*** Provided data ***
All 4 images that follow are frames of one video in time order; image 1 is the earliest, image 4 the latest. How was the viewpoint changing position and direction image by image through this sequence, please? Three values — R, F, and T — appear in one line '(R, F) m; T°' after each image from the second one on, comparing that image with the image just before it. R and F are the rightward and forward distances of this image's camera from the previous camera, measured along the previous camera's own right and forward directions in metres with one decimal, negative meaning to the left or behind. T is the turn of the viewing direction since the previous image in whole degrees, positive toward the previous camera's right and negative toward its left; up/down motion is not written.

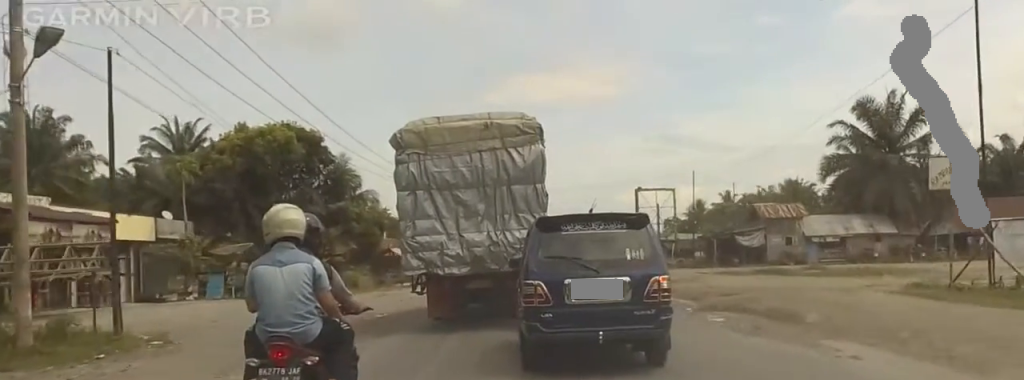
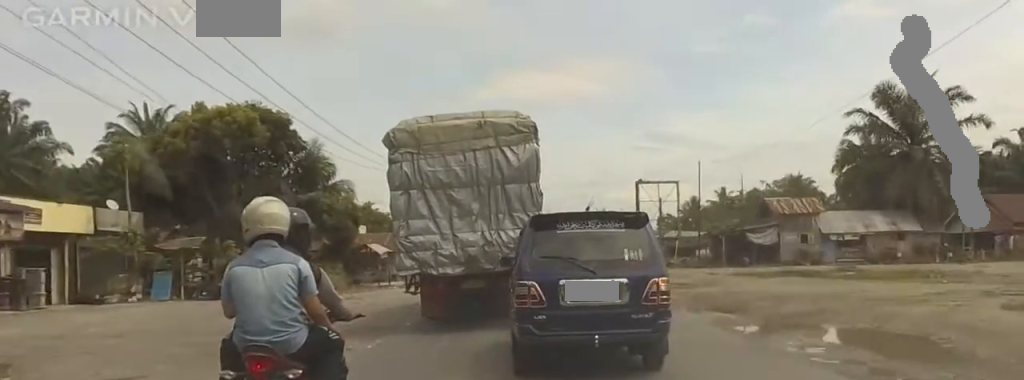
(+0.6, +6.7) m; -1°
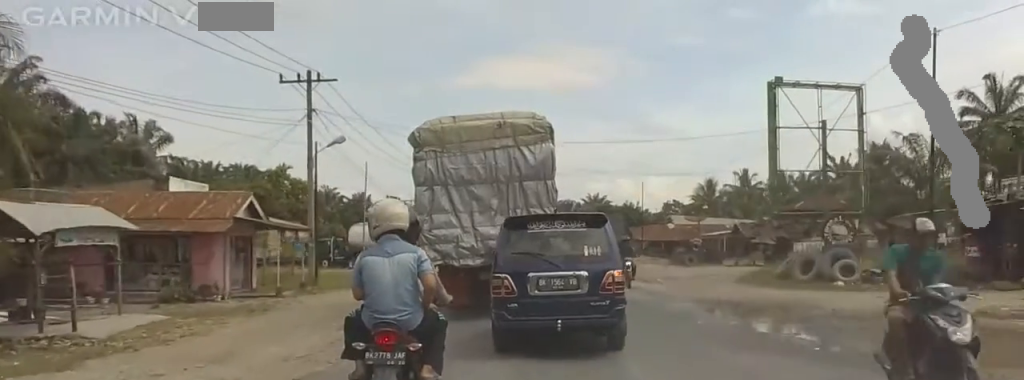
(-2.4, +49.5) m; -2°
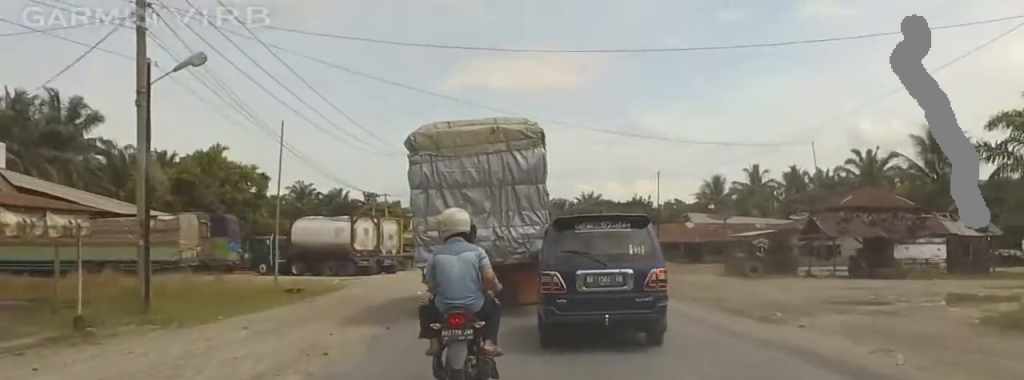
(-0.9, +23.0) m; +1°
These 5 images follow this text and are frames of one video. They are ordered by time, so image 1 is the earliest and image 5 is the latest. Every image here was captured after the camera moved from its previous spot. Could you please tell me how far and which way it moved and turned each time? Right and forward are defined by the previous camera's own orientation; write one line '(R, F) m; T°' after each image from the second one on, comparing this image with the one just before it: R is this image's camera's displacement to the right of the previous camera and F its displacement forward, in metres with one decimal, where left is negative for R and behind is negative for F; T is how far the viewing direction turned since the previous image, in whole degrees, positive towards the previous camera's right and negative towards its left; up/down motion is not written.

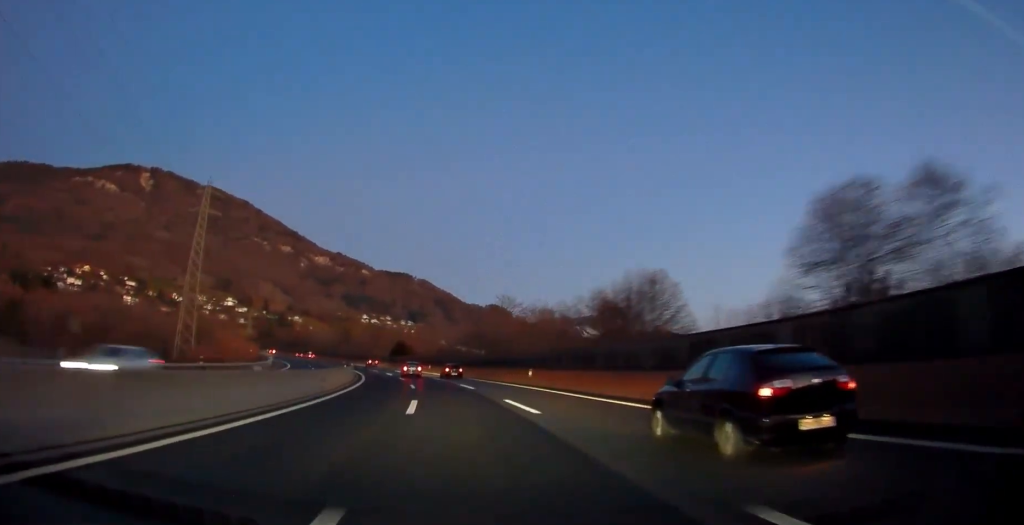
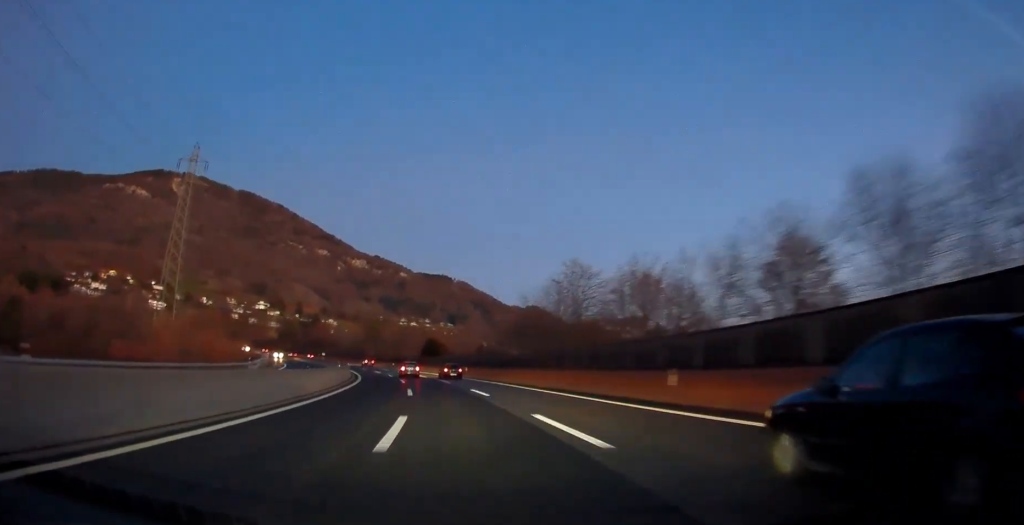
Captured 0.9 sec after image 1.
(-1.0, +25.5) m; -4°
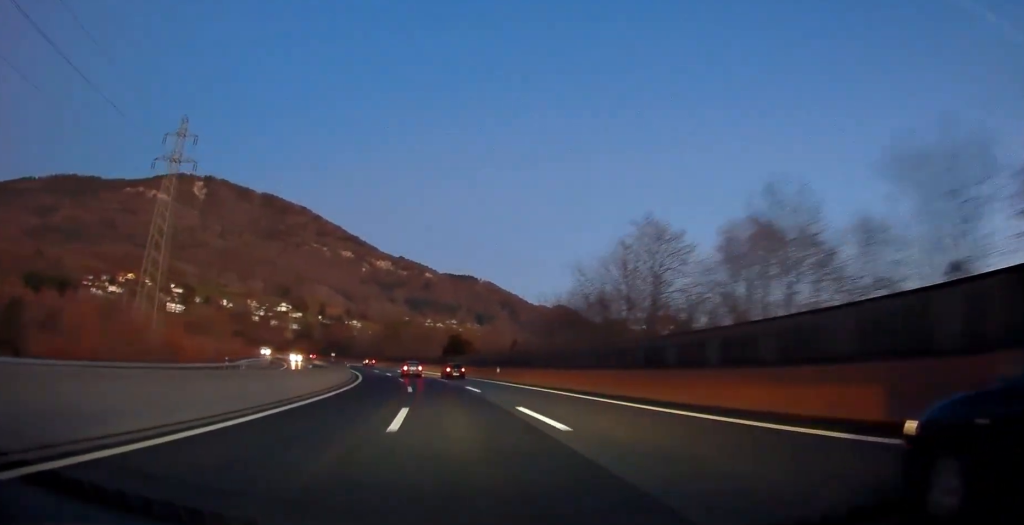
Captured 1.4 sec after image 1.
(-0.2, +14.3) m; -2°
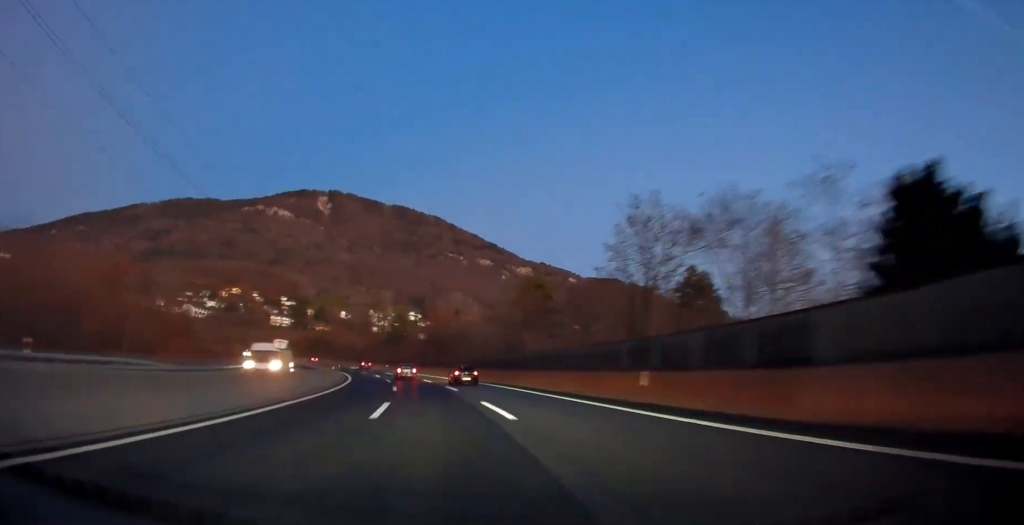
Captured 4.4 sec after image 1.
(-8.6, +85.2) m; -13°
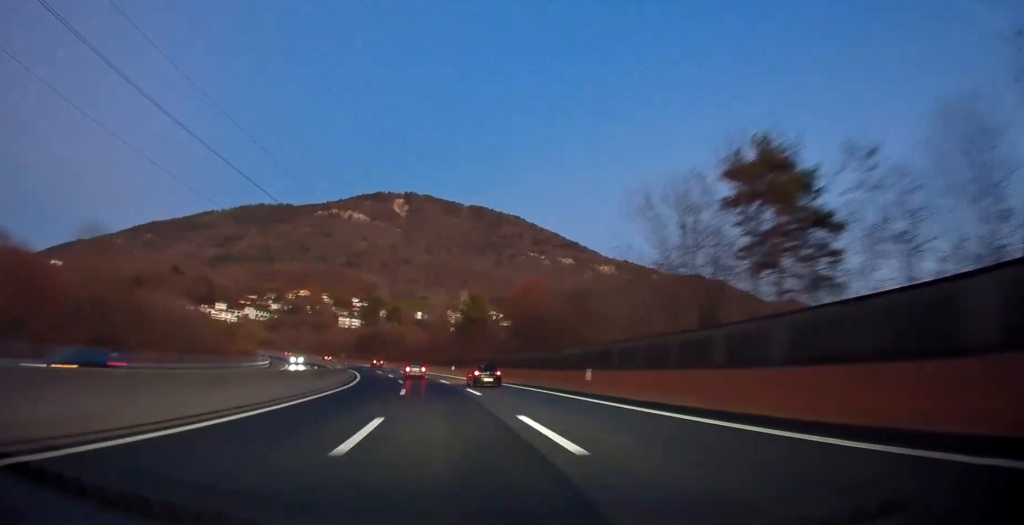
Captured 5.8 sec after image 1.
(-3.4, +41.7) m; -8°
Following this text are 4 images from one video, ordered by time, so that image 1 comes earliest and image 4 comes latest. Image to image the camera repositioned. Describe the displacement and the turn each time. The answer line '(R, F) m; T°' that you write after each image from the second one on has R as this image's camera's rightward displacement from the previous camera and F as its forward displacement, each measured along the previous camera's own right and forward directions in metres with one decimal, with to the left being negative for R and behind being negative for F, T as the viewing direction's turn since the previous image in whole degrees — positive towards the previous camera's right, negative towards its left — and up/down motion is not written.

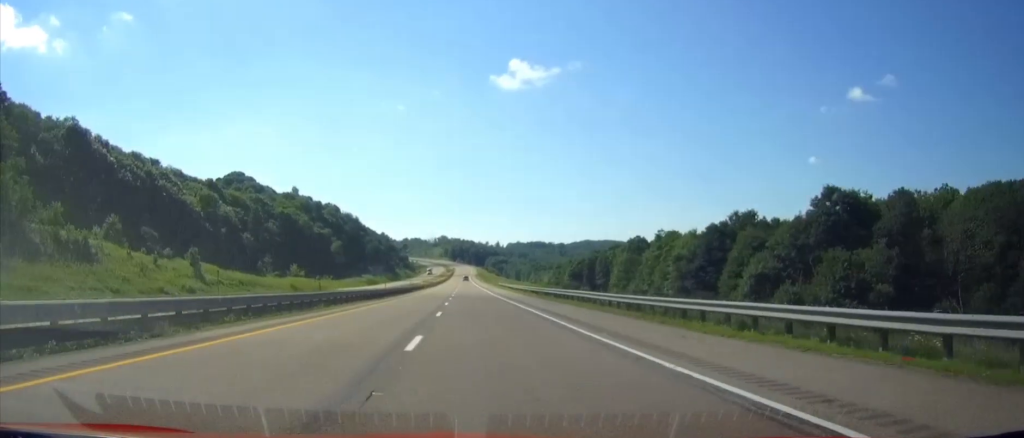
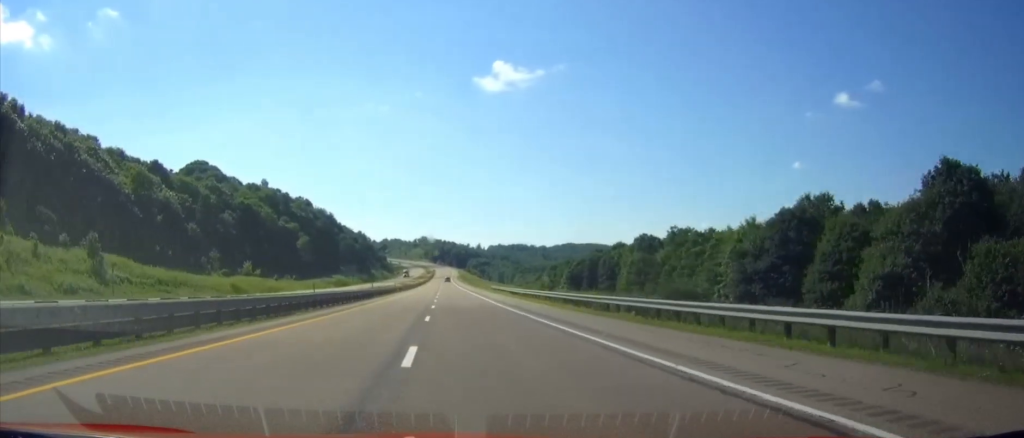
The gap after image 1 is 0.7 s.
(+0.3, +26.7) m; +1°
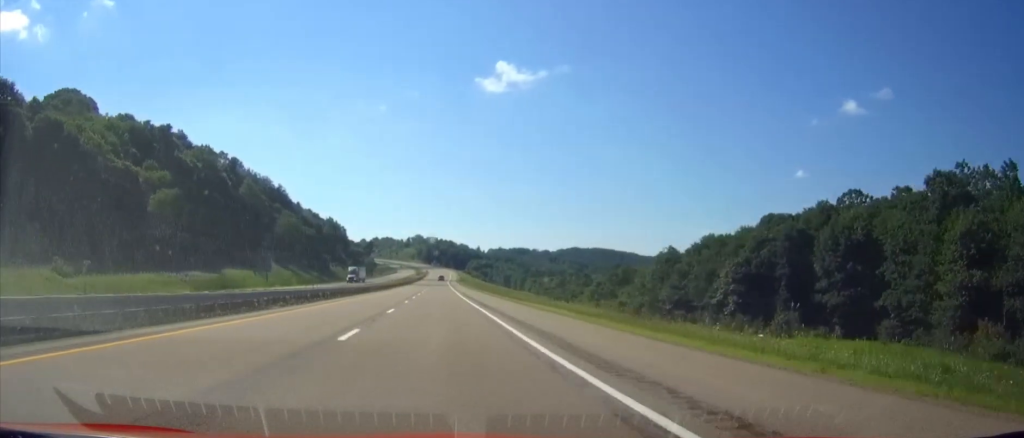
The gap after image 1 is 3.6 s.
(+1.7, +106.1) m; 0°
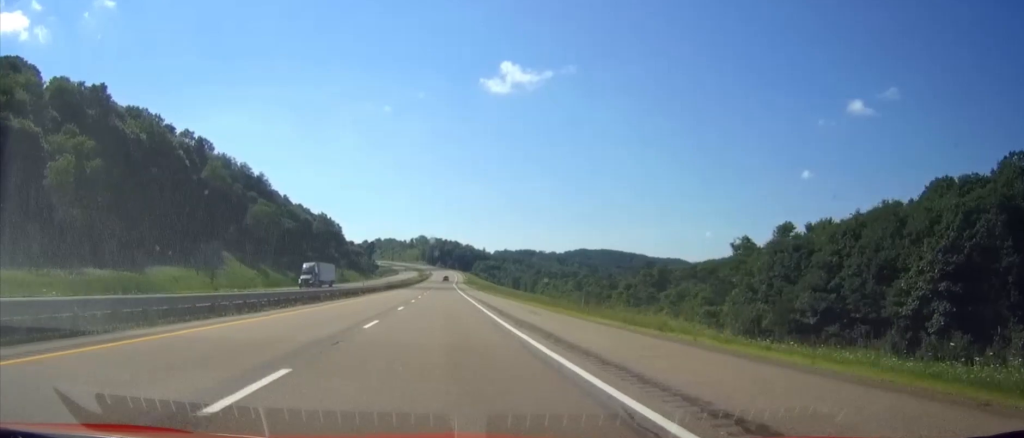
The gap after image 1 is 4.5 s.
(-0.2, +32.9) m; 0°
*** End of Provided data ***
What to produce
Drop the pictures and reproduce the rest of the entries above exactly.

Answer to this exercise
All 4 images that follow are frames of one video in time order; image 1 is the earliest, image 4 the latest. How was the viewpoint changing position and direction image by image through this sequence, please? Three values — R, F, and T — appear in one line '(R, F) m; T°' after each image from the second one on, comparing that image with the image just before it. R and F are the rightward and forward distances of this image's camera from the previous camera, measured along the previous camera's own right and forward directions in metres with one decimal, negative meaning to the left or behind. T is the turn of the viewing direction since the previous image in whole degrees, positive toward the previous camera's right and negative toward its left; up/down motion is not written.

(+0.6, +6.7) m; -1°
(-2.4, +49.5) m; -2°
(-0.9, +23.0) m; +1°
These 5 images follow this text and are frames of one video. They are ordered by time, so image 1 is the earliest and image 5 is the latest. Every image here was captured after the camera moved from its previous spot. Could you please tell me how far and which way it moved and turned each time? Right and forward are defined by the previous camera's own orientation; write one line '(R, F) m; T°' after each image from the second one on, comparing this image with the one just before it: R is this image's camera's displacement to the right of the previous camera and F its displacement forward, in metres with one decimal, where left is negative for R and behind is negative for F; T is how far the viewing direction turned since the previous image, in whole degrees, positive towards the previous camera's right and negative towards its left; up/down motion is not written.

Captured 0.9 sec after image 1.
(-1.0, +25.5) m; -4°
Captured 1.4 sec after image 1.
(-0.2, +14.3) m; -2°
Captured 4.4 sec after image 1.
(-8.6, +85.2) m; -13°
Captured 5.8 sec after image 1.
(-3.4, +41.7) m; -8°
Following this text are 4 images from one video, ordered by time, so that image 1 comes earliest and image 4 comes latest. Image to image the camera repositioned. Describe the displacement and the turn each time. The answer line '(R, F) m; T°' that you write after each image from the second one on has R as this image's camera's rightward displacement from the previous camera and F as its forward displacement, each measured along the previous camera's own right and forward directions in metres with one decimal, with to the left being negative for R and behind being negative for F, T as the viewing direction's turn since the previous image in whole degrees — positive towards the previous camera's right, negative towards its left — and up/down motion is not written.

The gap after image 1 is 0.7 s.
(+0.3, +26.7) m; +1°
The gap after image 1 is 3.6 s.
(+1.7, +106.1) m; 0°
The gap after image 1 is 4.5 s.
(-0.2, +32.9) m; 0°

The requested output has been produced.